Original-URL des Artikels: https://www.golem.de/news/deutscher-computerspielpreis-beste-internationale-neue-spielwelt-wird-belohnt-1412-110967.html    Veröffentlicht: 04.12.2014 15:40    Kurz-URL: https://glm.io/110967

Deutscher Computerspielpreis

"Beste internationale neue Spielwelt" wird belohnt

Künftig kann das Publikum beim Deutschen Computerspielpreis einen Gewinner selbst auswählen. Zudem gibt es eine neue Kategorie für die "Beste internationale neue Spielwelt". Die vom Staat bereitgestellten Gelder für die Gewinner werden deutlich erhöht.
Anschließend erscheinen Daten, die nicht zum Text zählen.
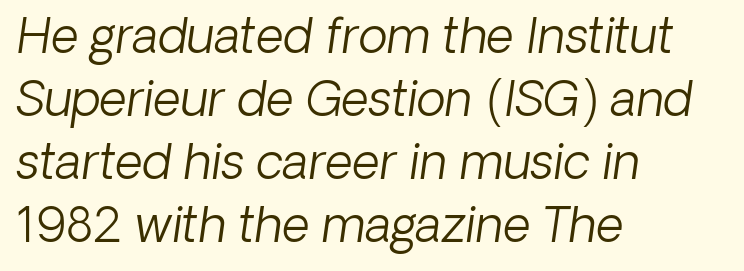
The image shows 48 px light type, italic (leaning right); set left-aligned, normal line spacing (1.31x), normal letter spacing, not underlined; low stroke contrast and a medium x-height.
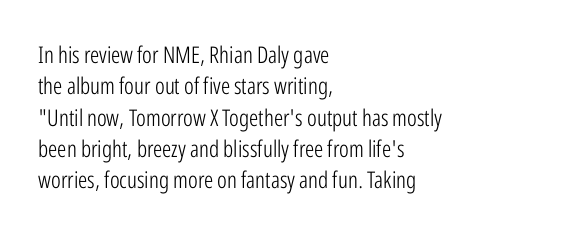
{"italic": "no", "bold": "no", "underline": "no", "align": "left", "line_spacing": "normal", "line_spacing_ratio": 1.36, "letter_spacing": "normal", "letter_spacing_em": 0.0, "glyph_px": 23}
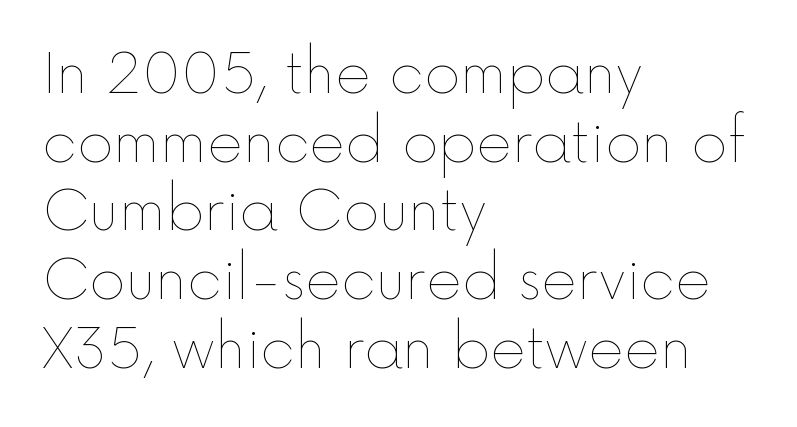
These lines are rendered in a variable-pitch font. Typeset ragged right — the left edge is the straight one. A typesetter would mark this as roman, not italic. The passage shown is not bold in any degree. The line-height multiplier appears to be the usual default.
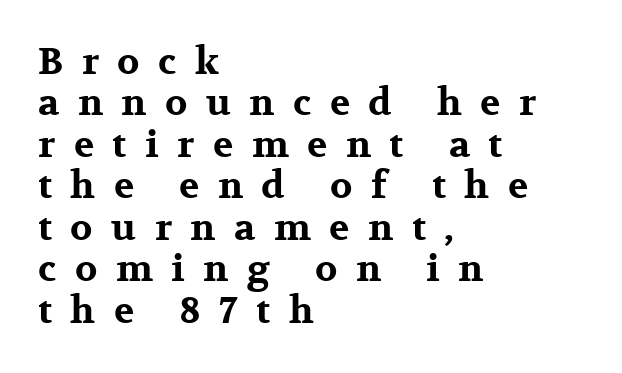
Q: Is the text bold? A: Yes.
Q: Is the text italic (slanted)? A: No, it is upright.
Q: Is the typeface a serif or a sans-serif typeface? A: Serif.
Q: Is the text underlined? A: No.
Q: How is the paragraph aligned? A: Left-aligned.
Q: Is the spacing between letters normal or unusually wide? A: Unusually wide.
Q: Is the spacing between lines tight, normal or loose? A: Tight.
Q: Width (condensed, normal, or wide)? A: Wide.
Q: Stroke contrast? A: Medium.
Q: x-height? A: Medium.
Q: Monospaced? A: No.
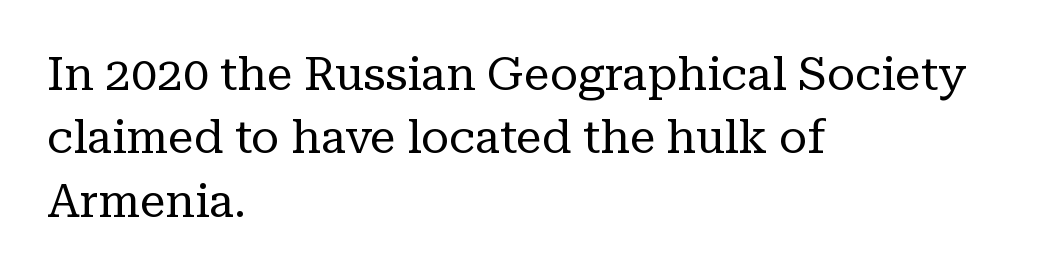
Q: Is the text bold? A: No.
Q: Is the text italic (slanted)? A: No, it is upright.
Q: Is the typeface a serif or a sans-serif typeface? A: Serif.
Q: Is the text underlined? A: No.
Q: How is the paragraph aligned? A: Left-aligned.
Q: Is the spacing between letters normal or unusually wide? A: Normal.
Q: Is the spacing between lines tight, normal or loose? A: Normal.
Q: Width (condensed, normal, or wide)? A: Normal.
Q: Stroke contrast? A: Low.
Q: x-height? A: Medium.
Q: Monospaced? A: No.
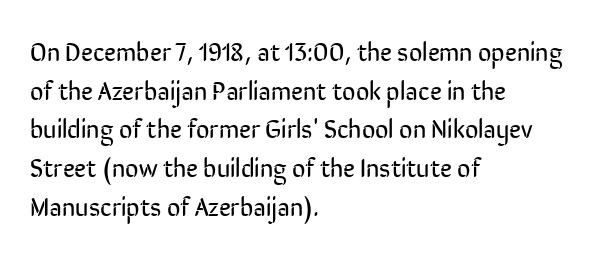
Q: Is the text bold? A: No.
Q: Is the text italic (slanted)? A: No, it is upright.
Q: Is the text underlined? A: No.
Q: How is the paragraph aligned? A: Left-aligned.
Q: Is the spacing between letters normal or unusually wide? A: Normal.
Q: Is the spacing between lines tight, normal or loose? A: Normal.
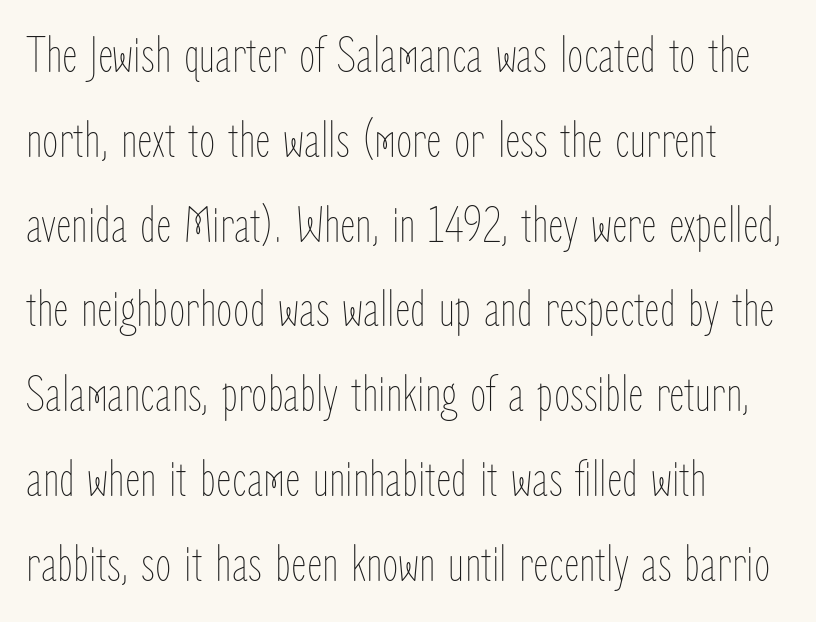
Q: Is the text bold? A: No.
Q: Is the text italic (slanted)? A: No, it is upright.
Q: Is the text underlined? A: No.
Q: How is the paragraph aligned? A: Left-aligned.
Q: Is the spacing between letters normal or unusually wide? A: Normal.
Q: Is the spacing between lines tight, normal or loose? A: Normal.
Q: Width (condensed, normal, or wide)? A: Condensed.
Q: Stroke contrast? A: Low.
Q: x-height? A: Medium.
Q: Monospaced? A: No.
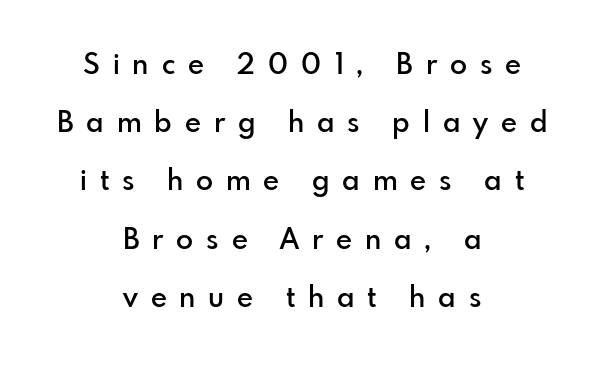
Q: Is the text bold? A: Semi-bold.
Q: Is the text italic (slanted)? A: No, it is upright.
Q: Is the typeface a serif or a sans-serif typeface? A: Sans-serif.
Q: Is the text underlined? A: No.
Q: How is the paragraph aligned? A: Centered.
Q: Is the spacing between letters normal or unusually wide? A: Unusually wide.
Q: Is the spacing between lines tight, normal or loose? A: Loose.
Q: Width (condensed, normal, or wide)? A: Normal.
Q: Stroke contrast? A: Low.
Q: x-height? A: Small.
Q: Monospaced? A: No.
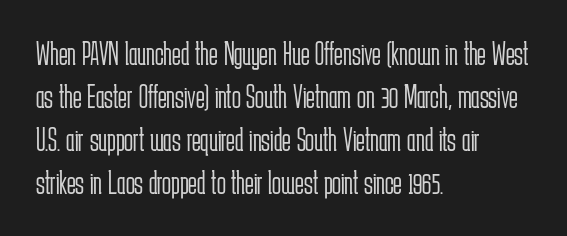
Proportional: the letters do not fall into vertical columns. Designer's note — italics off, roman on. This sample is left-justified, so line endings fall wherever the words run out. Beneath every word, the page is bare.
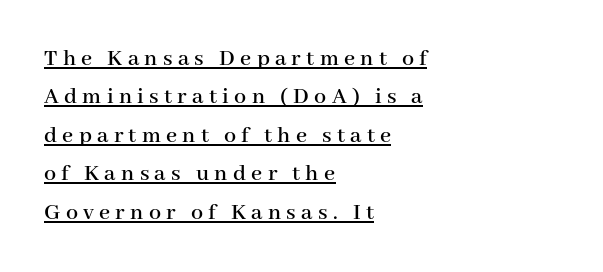
Compared with typical body copy, the letter spacing here is much looser. When letters stand straight like this, we call the style roman or upright. The lines in this sample share a left origin and differ only in where they stop. These characters rest on top of a visible drawn line.
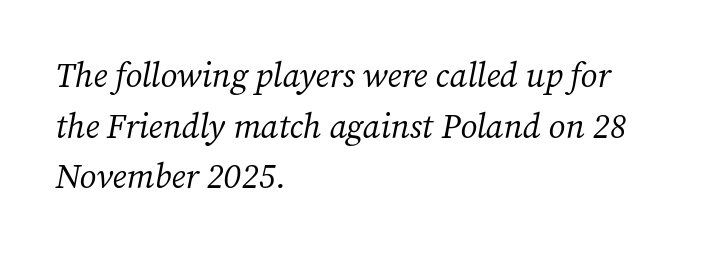
The typography opts for an oblique posture over an upright one. Spacing between characters is what you'd get straight out of the box. Vertically, the passage feels balanced, rows spaced as you'd expect. Is the type heavy? It reads as light-to-regular instead. You could not count columns in this text — the font is proportionally spaced. In terms of letterform style, serifs are clearly present.
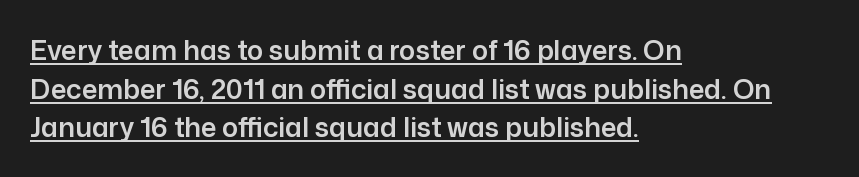
{"italic": "no", "underline": "yes", "align": "left", "line_spacing": "normal", "line_spacing_ratio": 1.43, "letter_spacing": "normal", "letter_spacing_em": 0.0, "glyph_px": 27}
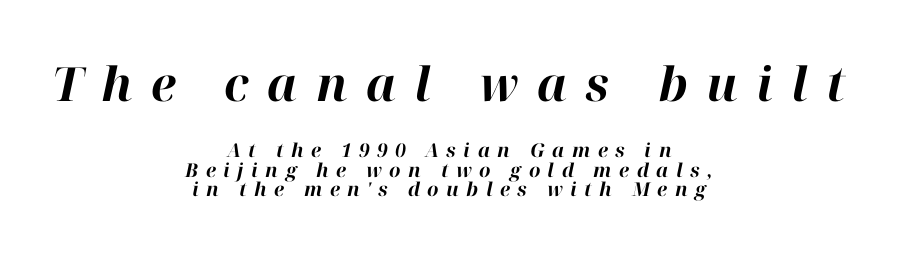
Here the designer chose a conventional face with non-uniform glyph widths. Spacing between characters has been opened up far beyond the box default. The earlier block is typeset at a bigger size than the later block. This rendering features lettering with no underline.
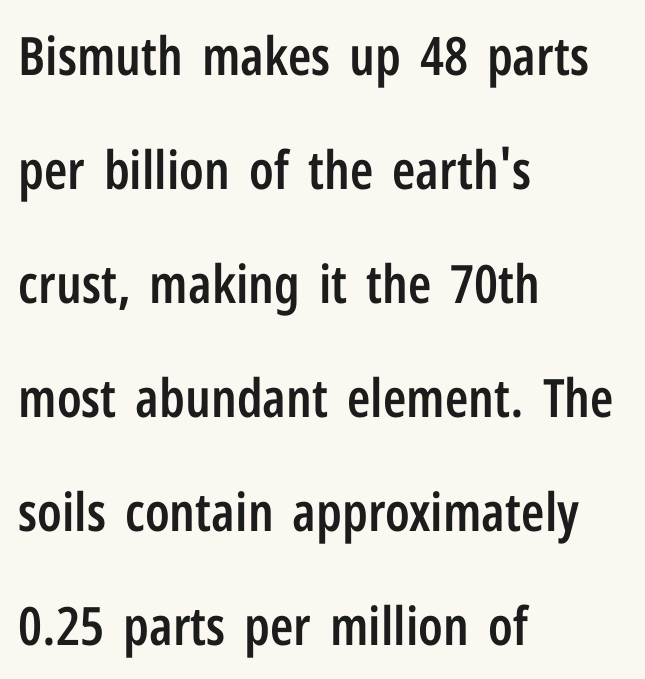
Q: Is the text bold? A: Semi-bold.
Q: Is the text italic (slanted)? A: No, it is upright.
Q: Is the typeface a serif or a sans-serif typeface? A: Sans-serif.
Q: Is the text underlined? A: No.
Q: How is the paragraph aligned? A: Left-aligned.
Q: Is the spacing between letters normal or unusually wide? A: Normal.
Q: Is the spacing between lines tight, normal or loose? A: Loose.
Q: Width (condensed, normal, or wide)? A: Condensed.
Q: Stroke contrast? A: Low.
Q: x-height? A: Medium.
Q: Monospaced? A: No.
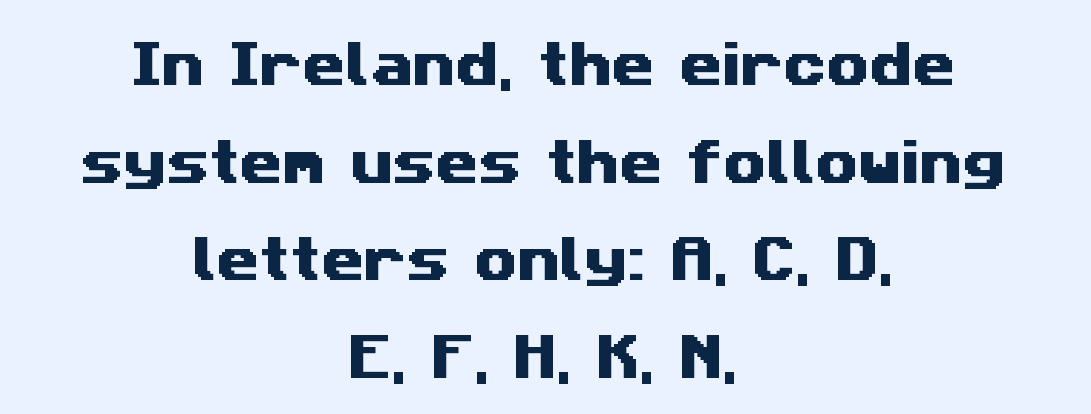
Q: Is the typeface a serif or a sans-serif typeface? A: Sans-serif.
Q: Is the text underlined? A: No.
Q: How is the paragraph aligned? A: Centered.
Q: Is the spacing between letters normal or unusually wide? A: Normal.
Q: Is the spacing between lines tight, normal or loose? A: Loose.
Q: Width (condensed, normal, or wide)? A: Wide.
Q: Stroke contrast? A: Medium.
Q: x-height? A: Medium.
Q: Monospaced? A: No.
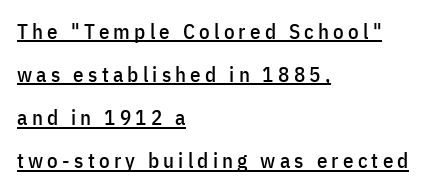
{"italic": "no", "underline": "yes", "align": "left", "line_spacing": "loose", "line_spacing_ratio": 2.05, "letter_spacing": "wide", "letter_spacing_em": 0.2, "glyph_px": 21}
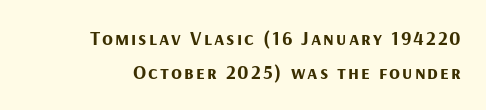
The image shows 20 px bold type, upright; set normal line spacing (1.7x), not underlined.
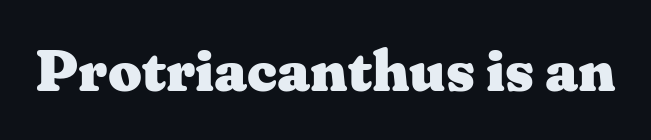
Spacing verdict: proportional, widths tailored to each character. Students, note that the glyphs here touch the page at normal intervals. Characters remain perfectly vertical along every line. Stroke terminals: seriffed. Plenty of ink on the page — the face is bold.
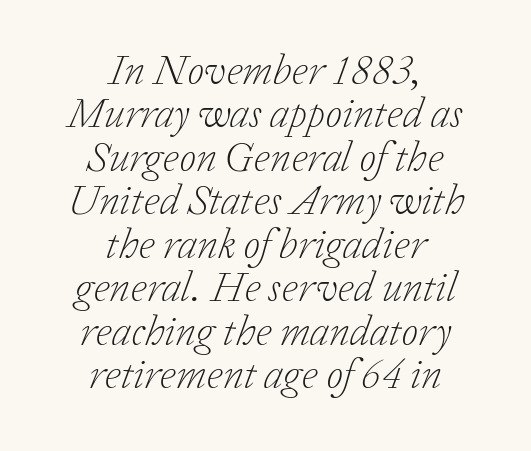
Think of a printed novel: that variable character pitch is what you see here. I'd call this a serif setting — the letters wear small feet. Beneath every word, the page is bare. Designer's note — italics engaged. Nothing unusual about the tracking: characters are spaced as the font intends. The compositor balanced each line on the midline.
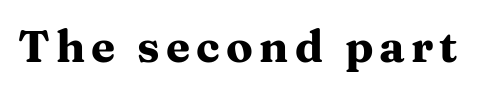
The image shows 44 px heavy, wide serif type, upright; set not underlined; medium stroke contrast and a medium x-height.
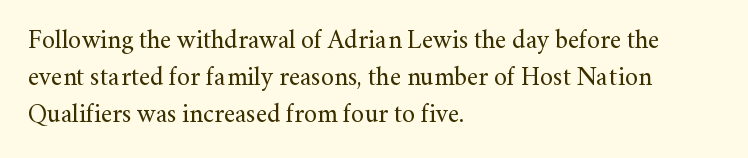
The image shows 26 px text type, upright; set left-aligned, normal line spacing (1.42x), normal letter spacing, not underlined.
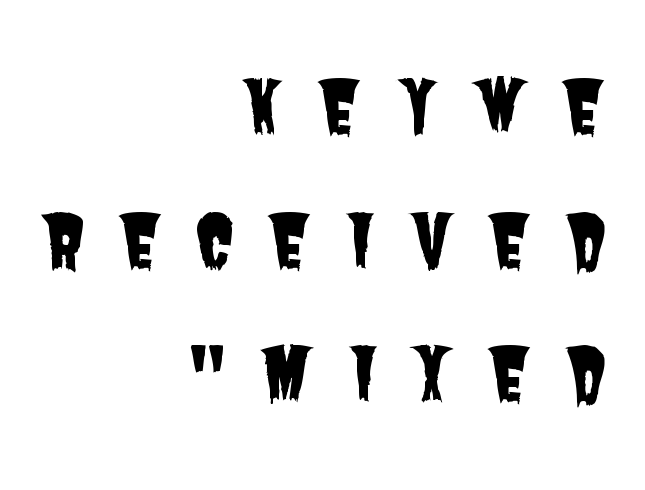
Q: Is the typeface a serif or a sans-serif typeface? A: Sans-serif.
Q: Is the text underlined? A: No.
Q: How is the paragraph aligned? A: Right-aligned.
Q: Is the spacing between letters normal or unusually wide? A: Unusually wide.
Q: Width (condensed, normal, or wide)? A: Condensed.
Q: Stroke contrast? A: Low.
Q: x-height? A: Large.
Q: Monospaced? A: No.

Der Deutsche Computerspielpreis wird reformiert. Wichtigste Neuerung sind ein Publikumspreis, drei internationale Kategorien sowie ein Sonderpreis der Jury. Bei den internationalen Kategorien handelt es sich um Bestes internationales Spiel, Bestes internationales Multiplayerspiel und Beste internationale neue Spielwelt.

Damit gibt es künftig bis zu 14 Kategorien: Neben den genannten noch Bestes deutsches Spiel, Bestes Gamedesign, Beste Inszenierung, Bestes Kinderspiel, Bestes Jugendspiel, Bestes Nachwuchskonzept, Beste Innovation, Bestes Serious Game, Bestes mobiles Spiel. Dazu kommt ein Sonderpreis der Jury, der aber nicht jedes Jahr vergeben werden muss.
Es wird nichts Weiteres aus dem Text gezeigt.